Звучит противная команда: «Zum Gebet!» — «На молитву!»

Все отъезжающие становятся на правое колено, а на левое кладут фуражку.

Солдаты хорватских полков, простодушные парни, над которыми так безжалостно измывались унтеры, всегда истошно голосили перед уходом на фронт, словно выполняя какой-то погребальный обряд. Они украшали винтовки цветами, а иногда даже начинали на улице стрельбу учебными патронами, припрятанными еще с маневров, и громко орали песенку всех хорватских вояк, подставляя в нее номер своего полка:

Marširao, marširao,sedamdesat i deveti.Ide korak za korakom,ide junak za junakomljub’ca veli: dan je beli,ajdmo, ajdmo svi u boj!. . . . . . . . . . . .Ide korak za korakom,ide junak za junakom![83]

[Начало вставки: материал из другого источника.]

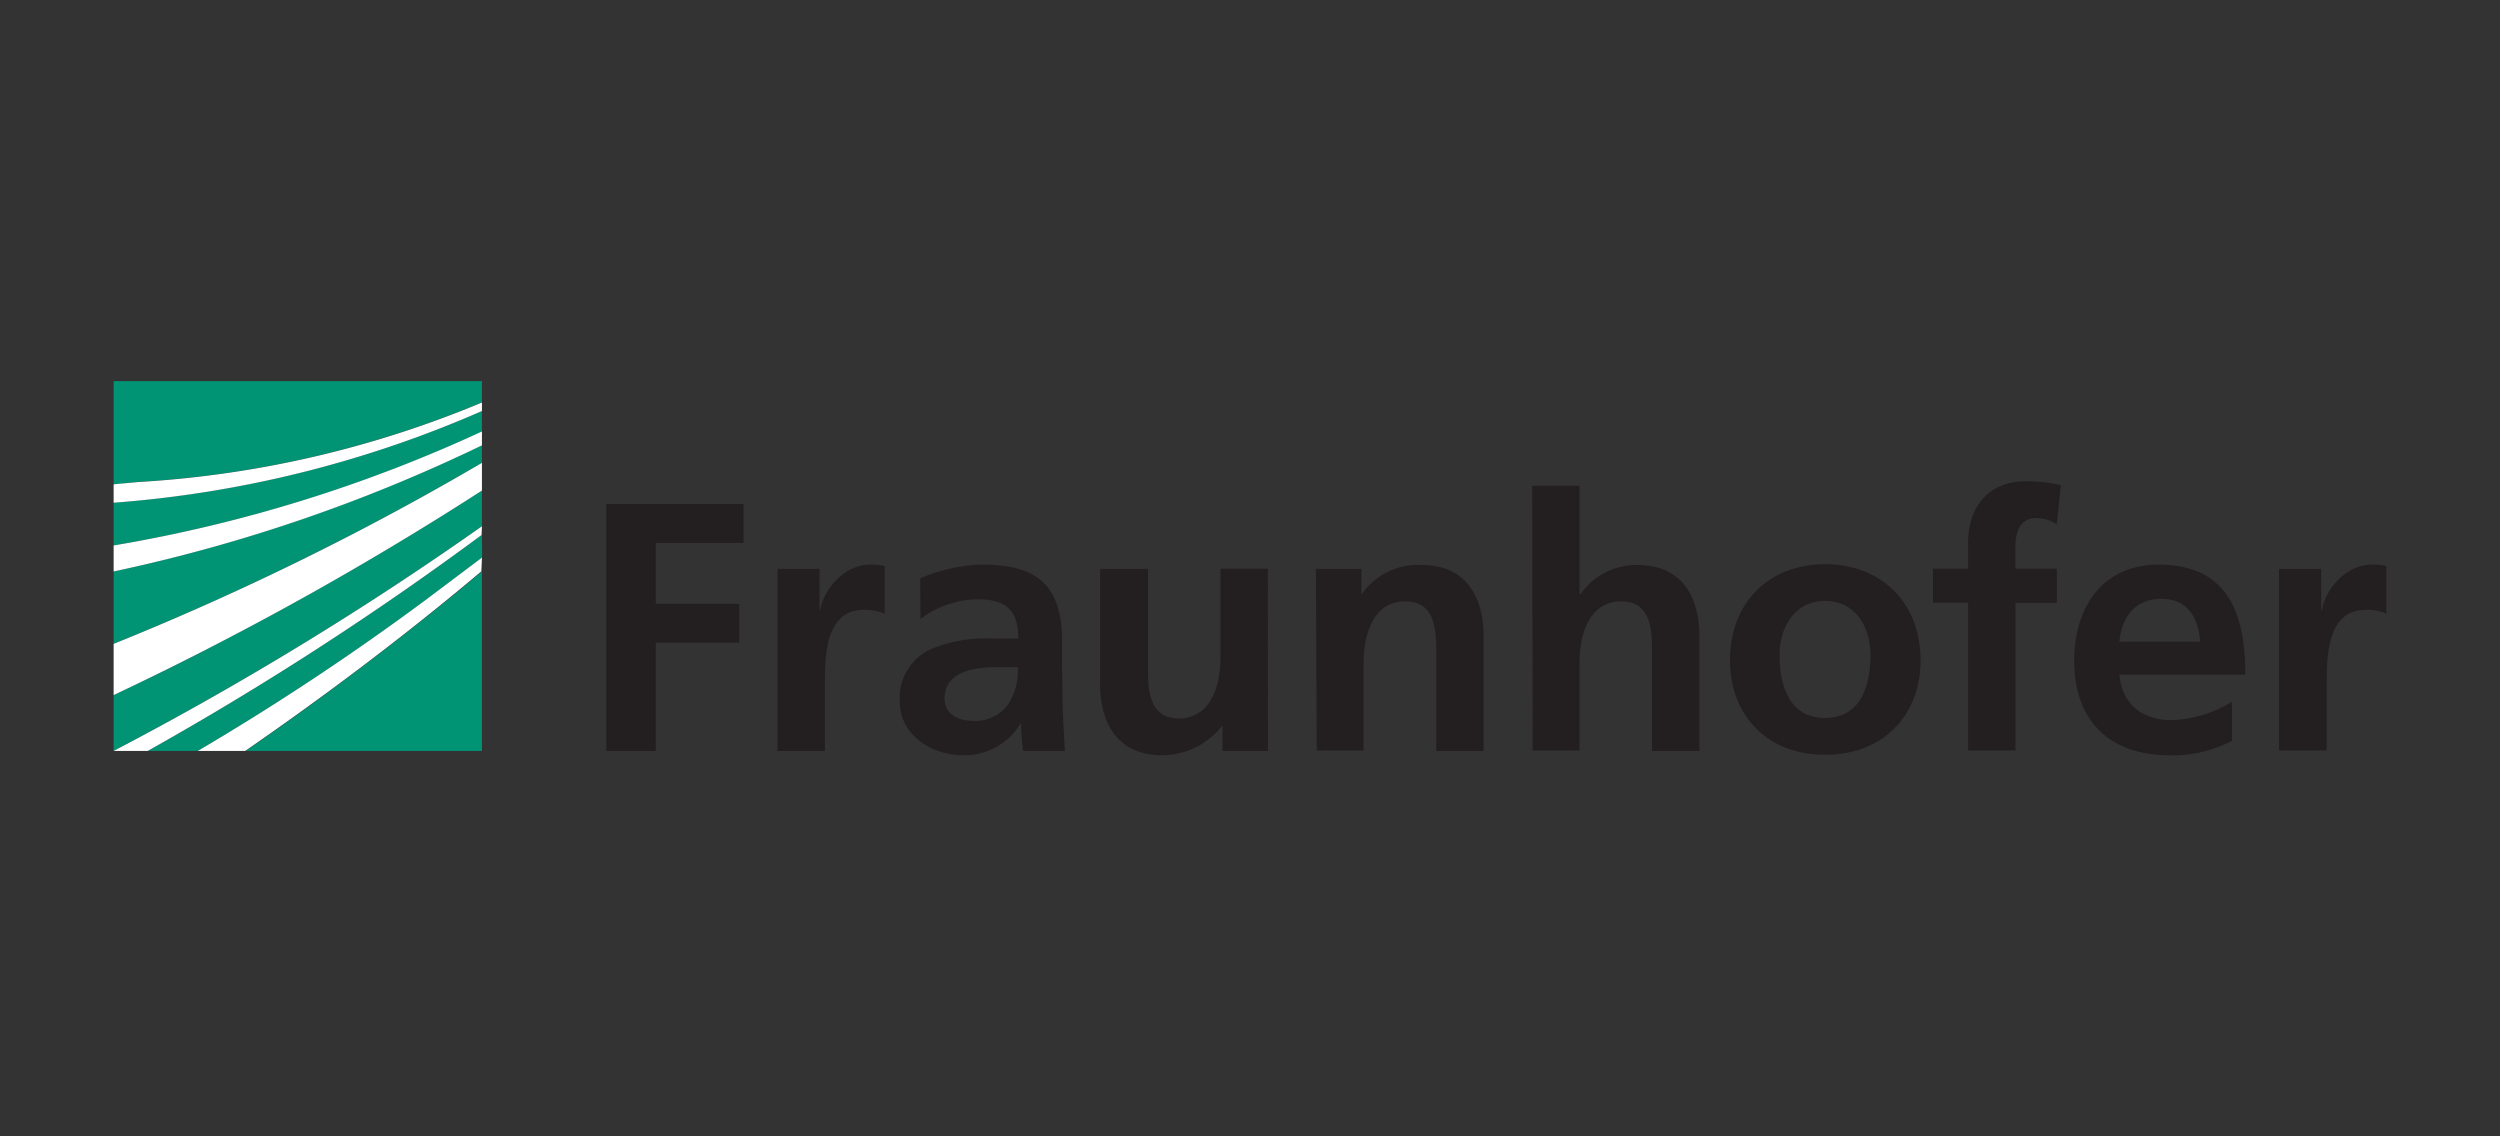<svg xmlns="http://www.w3.org/2000/svg" viewBox="0 0 220 100"><rect x="0" y="0" width="220" height="100" fill="#333333" stroke="none"/><path fill="#009374" d="M10 33.54v9.07c.71 0 1.41-.14 2.15-.2a92.24 92.24 0 0 0 30.26-7v-1.87zm32.41 2.62A99.15 99.15 0 0 1 10 44.23V48a127.72 127.72 0 0 0 32.41-10zm0 3A142.68 142.68 0 0 1 10 50.28v6.38a245.66 245.66 0 0 0 32.41-15.93zm0 4A282 282 0 0 1 10 61.17v4.91a286.23 286.23 0 0 0 32.41-19.77zm0 3.9A276.3 276.3 0 0 1 13 66.08h4.43a226.62 226.62 0 0 0 20-13.25l5-3.76zm0 3.23C35 56.5 27.77 61.84 21.63 66.08h20.78z"/><path fill="#fff" d="M42.41 35.42a92.24 92.24 0 0 1-30.26 7l-2.15.2v1.62a99.15 99.15 0 0 0 32.41-8.07zm0 2.55A127.72 127.72 0 0 1 10 48v2.29a142.68 142.68 0 0 0 32.41-11.1zm0 2.76A245.66 245.66 0 0 1 10 56.66v4.51a282 282 0 0 0 32.41-18zm0 5.58A286.23 286.23 0 0 1 10 66.08h3a276.3 276.3 0 0 0 29.38-19zm0 2.76-5 3.76a226.62 226.62 0 0 1-20 13.25h4.17c6.14-4.24 13.4-9.58 20.78-15.8z"/><path fill="#231f20" d="M53.35 66.09h4.36v-9.53h7.34v-3.42h-7.34v-5.36h7.72v-3.42H53.35zm15.07 0h4.17v-5.88c0-2.31 0-6.54 3.39-6.54a4.06 4.06 0 0 1 1.87.35v-4.21a4.74 4.74 0 0 0-1.28-.12c-2.49 0-4.2 2.51-4.39 4h-.06v-3.63h-3.7zM81 54.48a8.38 8.38 0 0 1 5-1.74c2.46 0 3.61.87 3.61 3.45h-2.3a12.71 12.71 0 0 0-5.39.93 4.72 4.72 0 0 0-2.74 4.58c0 3 2.77 4.76 5.61 4.76a5.75 5.75 0 0 0 5-2.76h.06a18.59 18.59 0 0 0 .19 2.39h3.67l-.19-3.58-.06-4v-2.07c0-4.73-2-6.75-6.91-6.75a14.3 14.3 0 0 0-5.57 1.21zm2.12 7c0-2.46 2.77-2.77 4.64-2.77h1.8a5.27 5.27 0 0 1-.87 3.3 3.54 3.54 0 0 1-2.93 1.43c-1.49 0-2.64-.59-2.64-2m28.45-11.39h-4.17v7.85c0 2.06-.65 5.32-3.67 5.32-2.68 0-2.71-2.64-2.71-4.6v-8.56h-4.21v10.12c0 3.61 1.65 6.28 5.44 6.28a6.68 6.68 0 0 0 5.26-2.55h.07v2.18h4zm4.3 16H120v-7.8c0-2.06.66-5.33 3.68-5.33 2.67 0 2.71 2.65 2.71 4.61v8.56h4.17V56c0-3.61-1.65-6.28-5.45-6.28a6 6 0 0 0-5.25 2.54h-.06v-2.2h-4zm19 0H139v-7.8c0-2.06.66-5.33 3.68-5.33 2.68 0 2.7 2.65 2.7 4.61v8.56h4.17V56c0-3.61-1.65-6.28-5.45-6.28a6 6 0 0 0-5 2.54h-.1v-9.52h-4.17zm17.37-7.91c0 4.61 3.08 8.28 8.37 8.28s8.4-3.67 8.4-8.28c0-5.29-3.63-8.49-8.4-8.49s-8.37 3.2-8.37 8.49m4.36-.5c0-2.39 1.31-4.76 4-4.76s4 2.31 4 4.76c0 2.69-.84 5.54-4 5.54s-4-2.89-4-5.54m16.59 8.41h4.17v-13H181v-3h-3.64v-2c0-1.25.43-2.46 1.83-2.46a3.21 3.21 0 0 1 1.81.56l.35-3.46a14.59 14.59 0 0 0-3.06-.34c-3.29 0-5.1 2.24-5.1 5.45v2.24h-3.09v3h3.09zm13.32-9.59c.19-2.15 1.36-3.76 3.7-3.76s3.27 1.74 3.4 3.76zm9.9 5.29a10.75 10.75 0 0 1-5.33 1.62c-2.58 0-4.38-1.46-4.57-4h11.08c0-5.61-1.68-9.68-7.63-9.68-5 0-7.43 3.83-7.43 8.46 0 5.26 3.08 8.31 8.37 8.31a11 11 0 0 0 5.51-1.27zm4.17 4.3h4.17v-5.84c0-2.31 0-6.54 3.4-6.54A4.12 4.12 0 0 1 210 54v-4.19a4.78 4.78 0 0 0-1.28-.12c-2.5 0-4.21 2.51-4.38 4h-.07v-3.63h-3.71v16"/></svg>

Все они бывали при этом пьяны. Перед отправкой на фронт им выдавали изрядную порцию рома: «Чтобы легче было идти».

Возвращаясь с плаца, мы уже издалека, по тишине в казармах, поняли — батальон Эмануэля уехал. Было почти безлюдно, стояла гнетущая тишина.

В этот день нашим глазам суждено было даже пролить обильные слезы. Нам приказали собраться в учебном зале и надеть противогазы. Двери были крепко заперты, и в помещение пустили слезоточивый газ. Начальство хотело знать, сколько времени мы выдержим в противогазах.

Удушье сразу схватило за горло. Запотели стекла маски, лицо покрылось горячим потом, маска липла к лицу, легкие, задыхаясь, работали вхолостую, как испорченные мехи. Когда газ уже стал щипать глаза, кто-то неистово забарабанил в дверь.

А, Пепичек! Его выпустили. Нейкерт грозно мерил его взглядом, вспомнив, как Пепичек прятался под койкой в торжественный день фельдмаршальского визита. Лицо Пепичка было искажено мучительной гримасой — он задыхался, так как противогаз был неисправен.

А что это торчит из его нагрудного кармана? Книжка в алом переплете — «Тысяча избранных новелл»?

Не слушая объяснений, что это совсем не социалистическая, не крамольная литература, Нейкерт саркастически улыбнулся и сделал знак унтер-офицерам.

— Я хотел бы, — отрывисто сказал он, — чтобы вы в кратчайший срок отучили вольноопределяющегося Губачека от скверных привычек, кои компрометируют все училище. Мне это надоело. Научите его поведению, которое подобает воину. Понятно?

Мы опять шагаем в гору, на плац. Солнце палит. Одежда прилипла к телу. Ох, и му́ка сегодня будет на плацу!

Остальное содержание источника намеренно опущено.